In other words, the Court cannot, in any event, extend the time for filing a written statement beyond 120 days of the receipt of the summons by the defendant. But that would not mean that in every case the Court must automatically extend the time or can extend the time beyond the 90 days. The Court can do so only in those cases, where good cause is made for not adhering to the time schedule fixed by Order VIII, Rule 1 of the Code of Civil Procedure as controlled by the proviso to that Rule.

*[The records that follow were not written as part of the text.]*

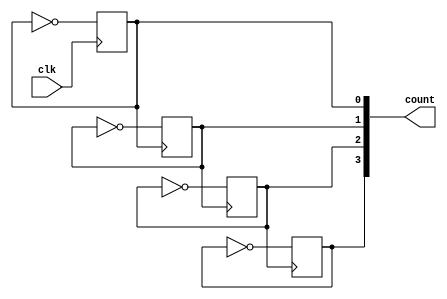
`timescale 1ns / 1ps
//////////////////////////////////////////////////////////////////////////////////
// Company: NIST
// 
// Design Name: 4 BIT ASYNCHRONOUS COUNTER
// Module Name: counter_4bit_asyn

// Dependencies: 
// 
// Revision:
// Revision 0.01 - File Created
// Additional Comments:
// 
//////////////////////////////////////////////////////////////////////////////////


module counter_4bit_asyn(
    input wire clk,
    output reg [3:0] count
    );
    initial count= 4'b0;
    
    always@(negedge clk)
    count[0]<=~count[0];
    
    
    always@(negedge count[0])
    count[1]<=~count[1];
    
    
    always@(negedge count[1])
    count[2]<=~count[2];
    
    
    always@(negedge count[2])
    count[3]<=~count[3];
    
endmodule

To that extent, I am inclined to deviate from the ratio of the decision of the Karnataka High Court, in the decision referred to above." 11. Coming back to the instant case (W.P.C. No. 822 of 2005) summons in Title Suit No. 158 of 2003 was served upon the petitioner and after service of summons he appeared on 20.5.2004 but did not file written statement till 7.9.2004. When the Court below by order debarred him from filing written statement, it was only, thereafter, the petitioner filed a petition on 4.10.2004 with a prayer to accept written statement. The Court below refused to allow the petitioner to file written statement. 12. In W.P.C. No. 823 of 2005, initially the suit was proceeded ex parte for non-appearance of the defendant and for not filing written statement. After the ex parte judgment was set aside by the Court on 13.8.2003, the petitioner was given opportunity of filing written statement but the same was not filed. The Court-below by order dated 10.8.2004, debarred the defendant-petitioner from filing written statement. Thereafter the petitioners prayer for acceptance of written statement was refused. 12. As a matter of facing order to check and stop the dilatory tactics adopted by the defendant the provision of Order VIII, Rule 1 has been amended and period has been fixed for filing written statement. 13. In the instant cases, as noticed above, defendant- petitioners failed to file written statement in spite of sufficient opportunity given to them. The Court below, therefore, rightly refused to accept the written statement of the petitioners. 14. In the facts and circumstances of the case, I do not find any reason to interfere with the impugned orders. 15. These two writ petitions are, therefore, dismissed.